Data excerpts:
Segment Open
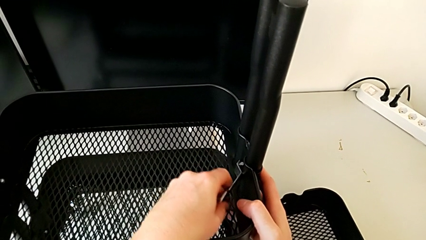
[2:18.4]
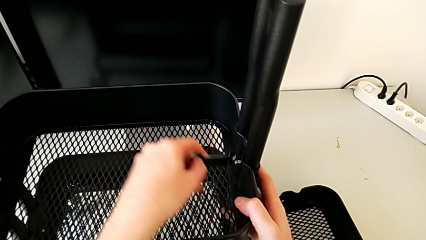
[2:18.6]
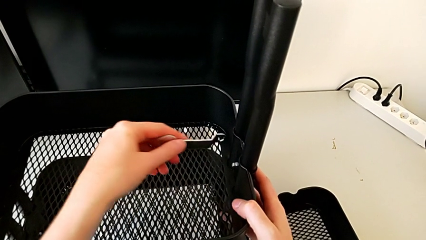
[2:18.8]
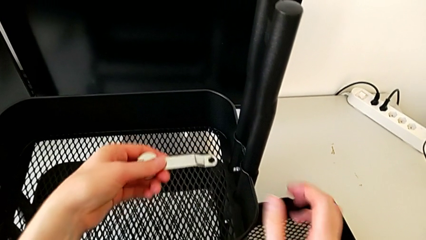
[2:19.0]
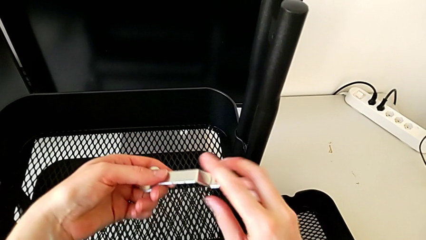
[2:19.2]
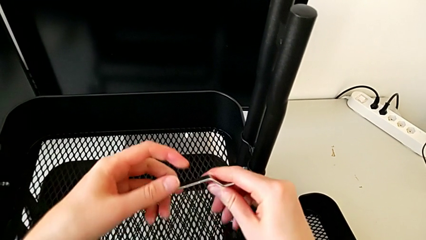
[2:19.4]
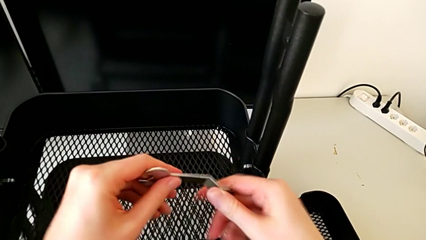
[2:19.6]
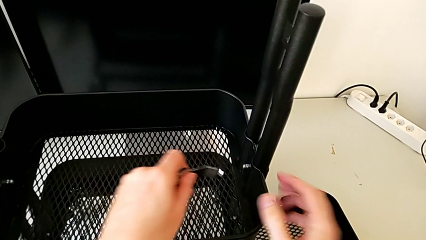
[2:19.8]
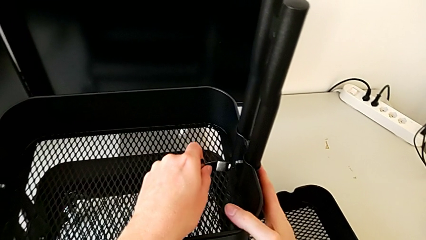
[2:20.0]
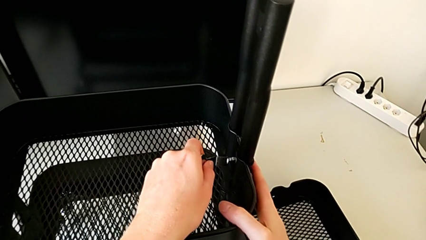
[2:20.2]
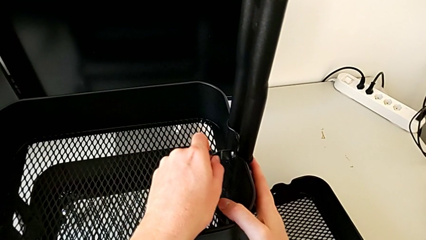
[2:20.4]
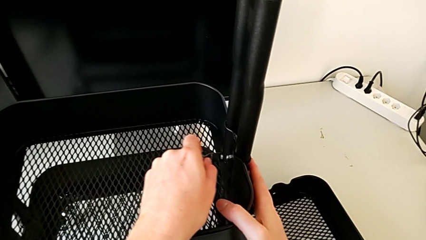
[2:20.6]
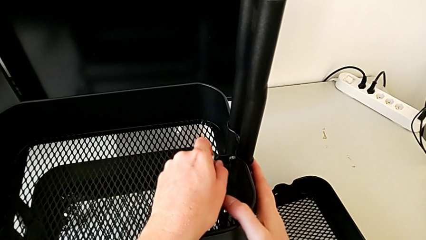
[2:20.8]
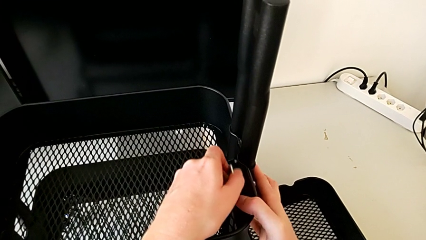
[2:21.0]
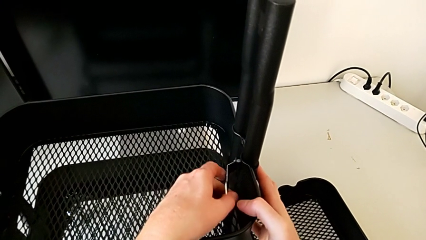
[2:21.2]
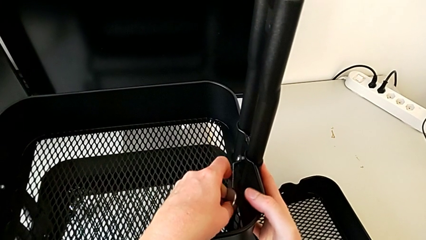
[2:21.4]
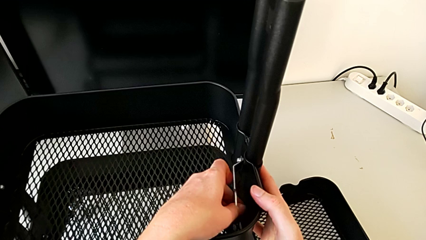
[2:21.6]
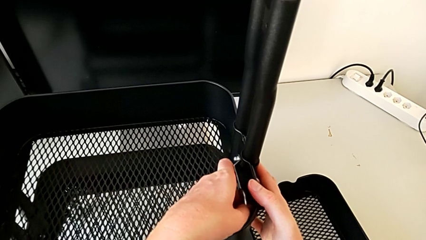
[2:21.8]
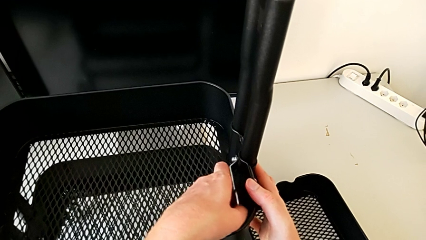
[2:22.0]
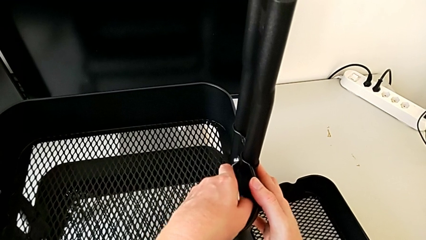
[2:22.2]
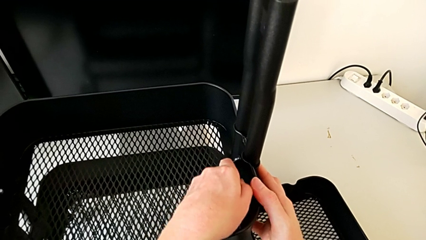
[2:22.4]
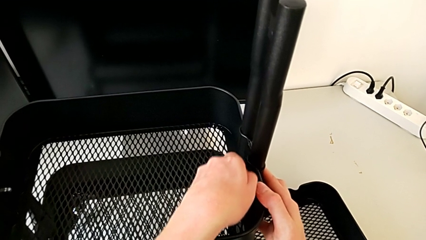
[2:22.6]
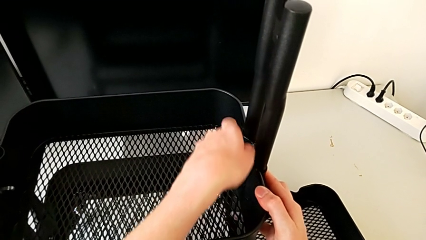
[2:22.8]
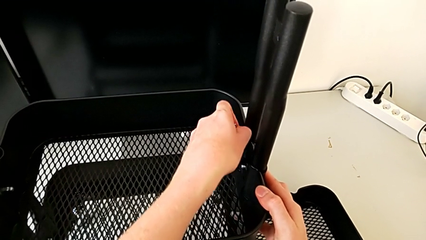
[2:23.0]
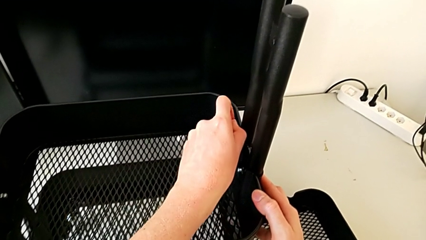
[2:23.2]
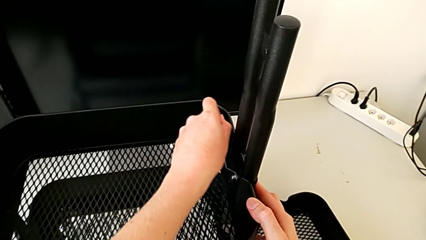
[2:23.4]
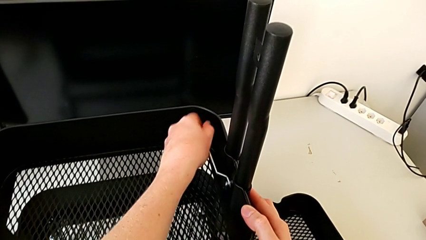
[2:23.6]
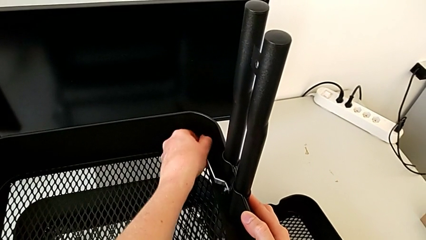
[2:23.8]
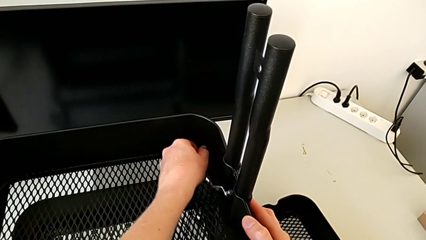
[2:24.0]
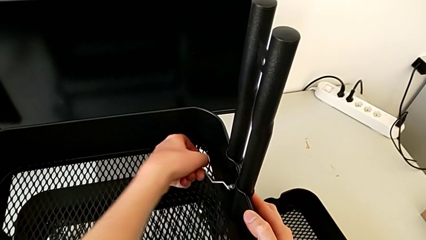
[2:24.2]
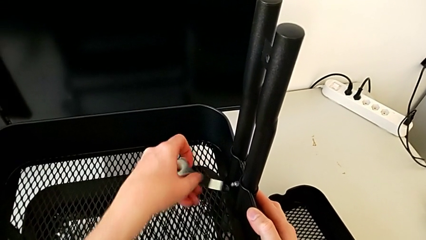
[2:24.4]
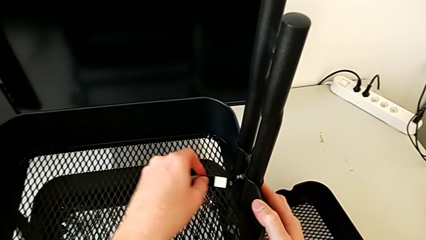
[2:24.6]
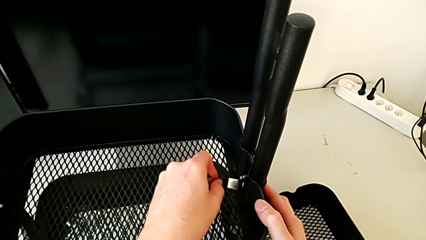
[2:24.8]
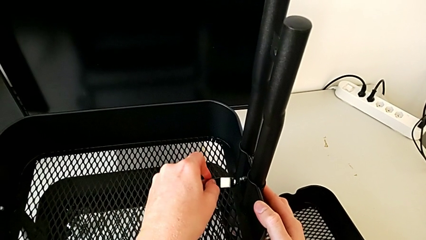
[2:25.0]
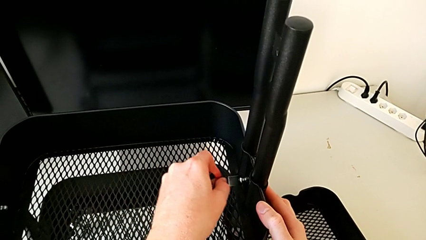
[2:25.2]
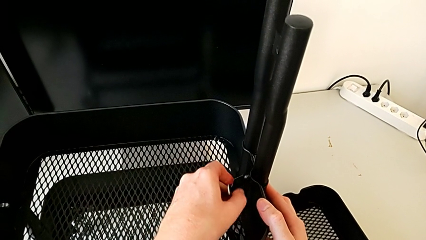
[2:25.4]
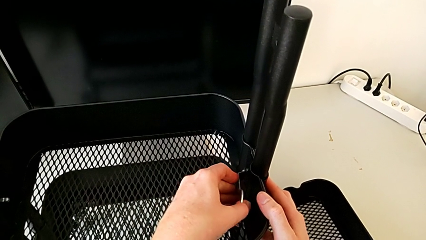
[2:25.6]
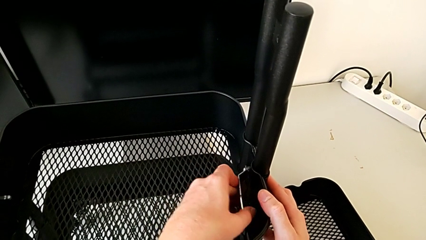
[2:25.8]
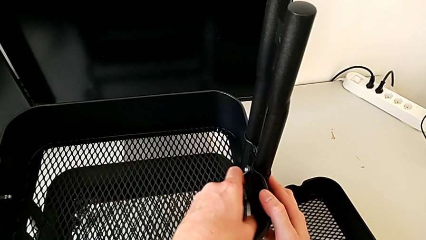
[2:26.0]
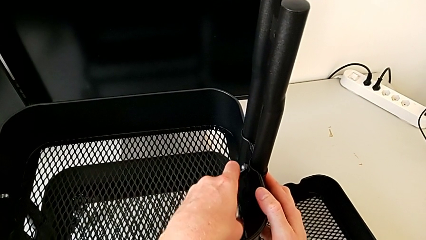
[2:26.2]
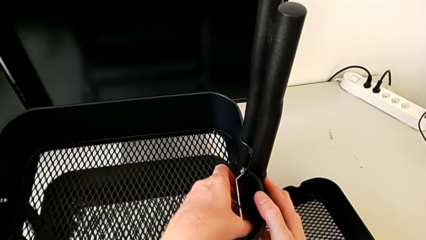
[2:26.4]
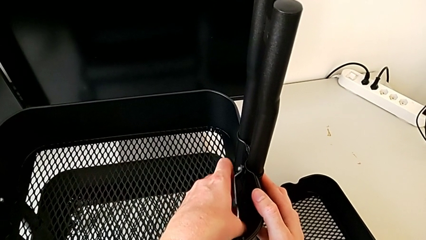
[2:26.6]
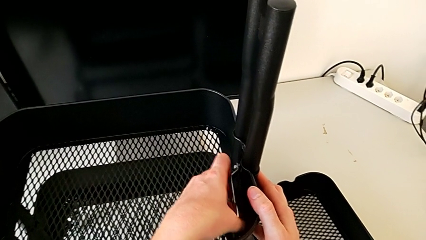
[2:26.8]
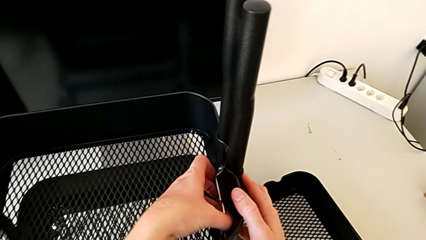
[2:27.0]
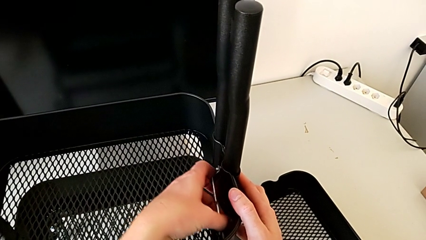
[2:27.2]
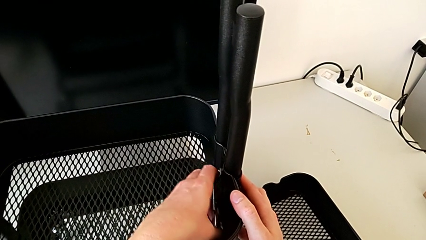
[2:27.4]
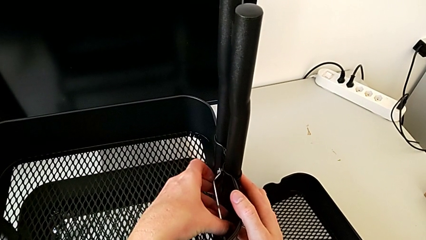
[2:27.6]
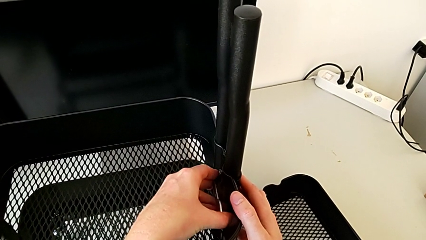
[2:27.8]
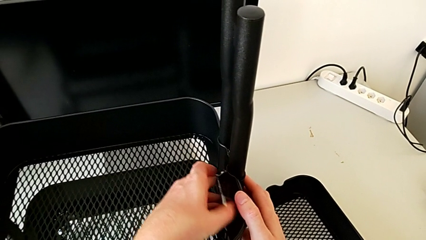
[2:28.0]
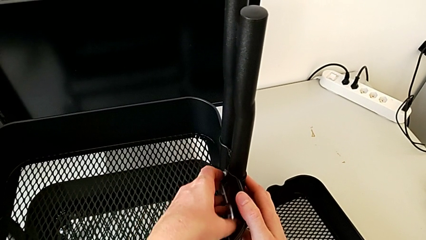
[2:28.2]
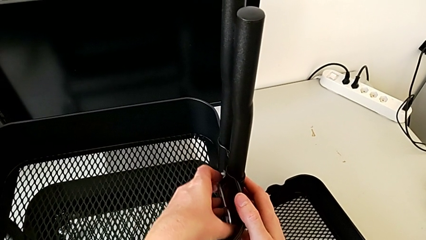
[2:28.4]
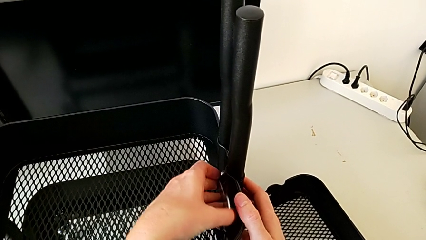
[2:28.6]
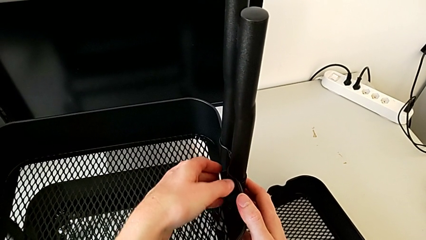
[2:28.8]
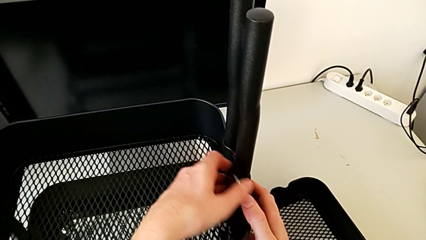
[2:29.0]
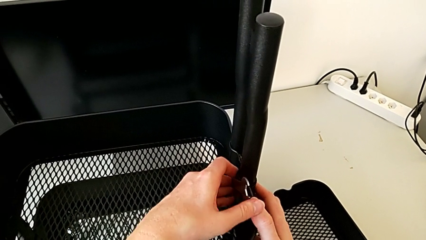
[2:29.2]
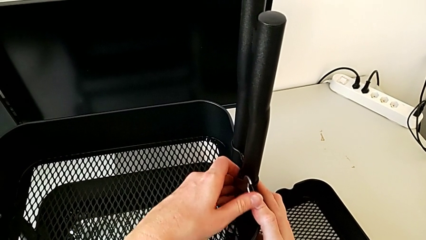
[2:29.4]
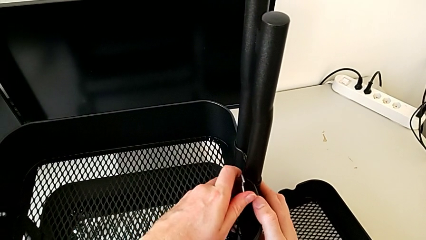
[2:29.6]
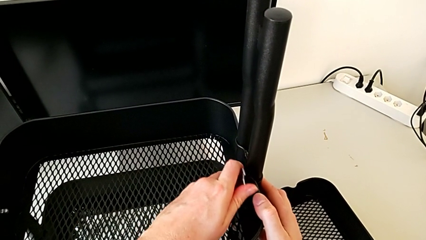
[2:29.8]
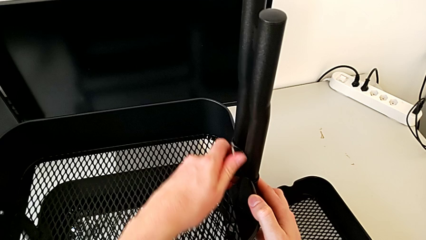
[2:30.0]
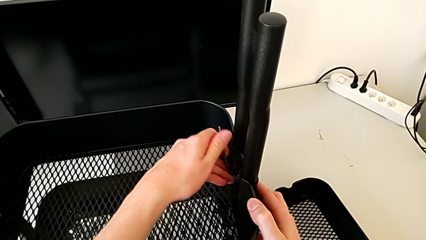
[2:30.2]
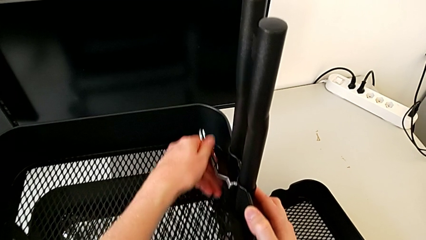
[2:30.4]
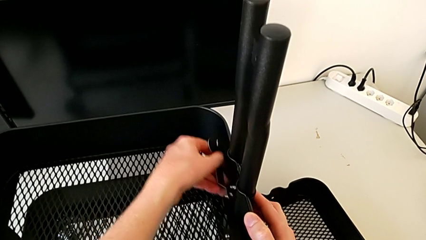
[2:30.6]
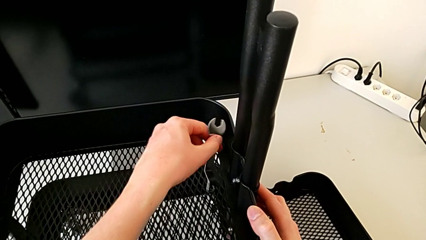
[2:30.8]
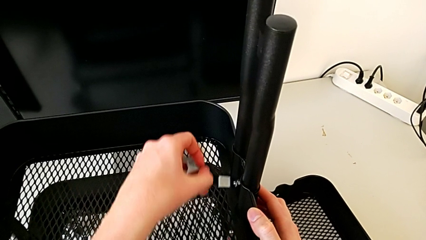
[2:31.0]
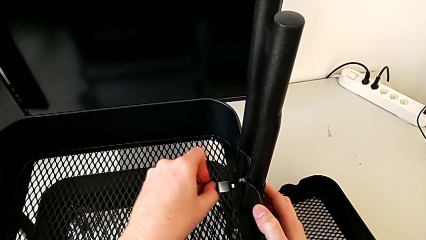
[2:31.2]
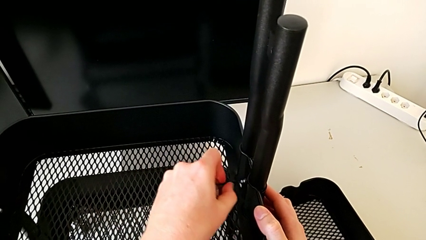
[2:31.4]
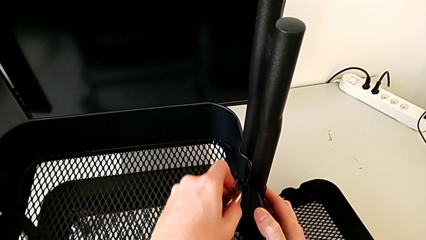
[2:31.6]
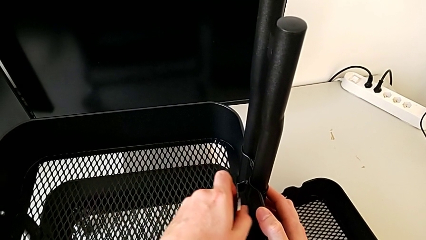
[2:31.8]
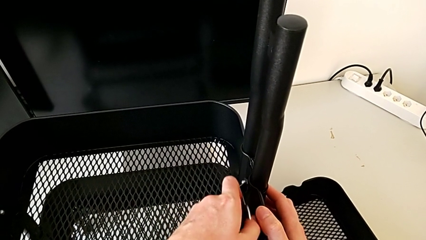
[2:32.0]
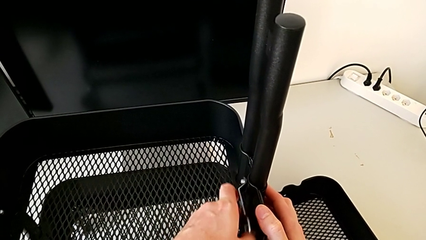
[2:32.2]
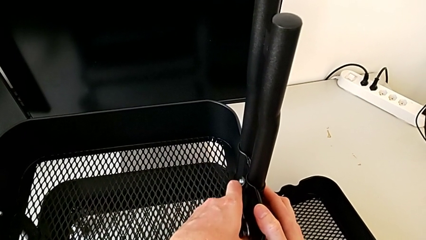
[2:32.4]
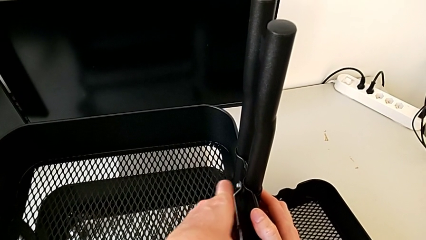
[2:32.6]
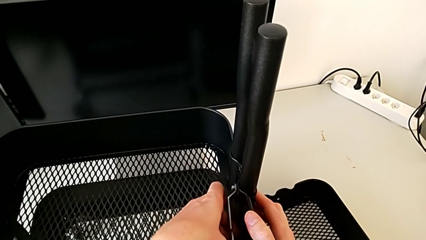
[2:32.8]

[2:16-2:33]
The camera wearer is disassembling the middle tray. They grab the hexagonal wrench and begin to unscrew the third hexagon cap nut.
Segment Closed
Repeat each line of the records exactly, dropping the pictures.

● Answer section
[2:18.4]
[2:18.6]
[2:18.8]
[2:19.0]
[2:19.2]
[2:19.4]
[2:19.6]
[2:19.8]
[2:20.0]
[2:20.2]
[2:20.4]
[2:20.6]
[2:20.8]
[2:21.0]
[2:21.2]
[2:21.4]
[2:21.6]
[2:21.8]
[2:22.0]
[2:22.2]
[2:22.4]
[2:22.6]
[2:22.8]
[2:23.0]
[2:23.2]
[2:23.4]
[2:23.6]
[2:23.8]
[2:24.0]
[2:24.2]
[2:24.4]
[2:24.6]
[2:24.8]
[2:25.0]
[2:25.2]
[2:25.4]
[2:25.6]
[2:25.8]
[2:26.0]
[2:26.2]
[2:26.4]
[2:26.6]
[2:26.8]
[2:27.0]
[2:27.2]
[2:27.4]
[2:27.6]
[2:27.8]
[2:28.0]
[2:28.2]
[2:28.4]
[2:28.6]
[2:28.8]
[2:29.0]
[2:29.2]
[2:29.4]
[2:29.6]
[2:29.8]
[2:30.0]
[2:30.2]
[2:30.4]
[2:30.6]
[2:30.8]
[2:31.0]
[2:31.2]
[2:31.4]
[2:31.6]
[2:31.8]
[2:32.0]
[2:32.2]
[2:32.4]
[2:32.6]
[2:32.8]

[2:16-2:33]
The camera wearer is disassembling the middle tray. They grab the hexagonal wrench and begin to unscrew the third hexagon cap nut.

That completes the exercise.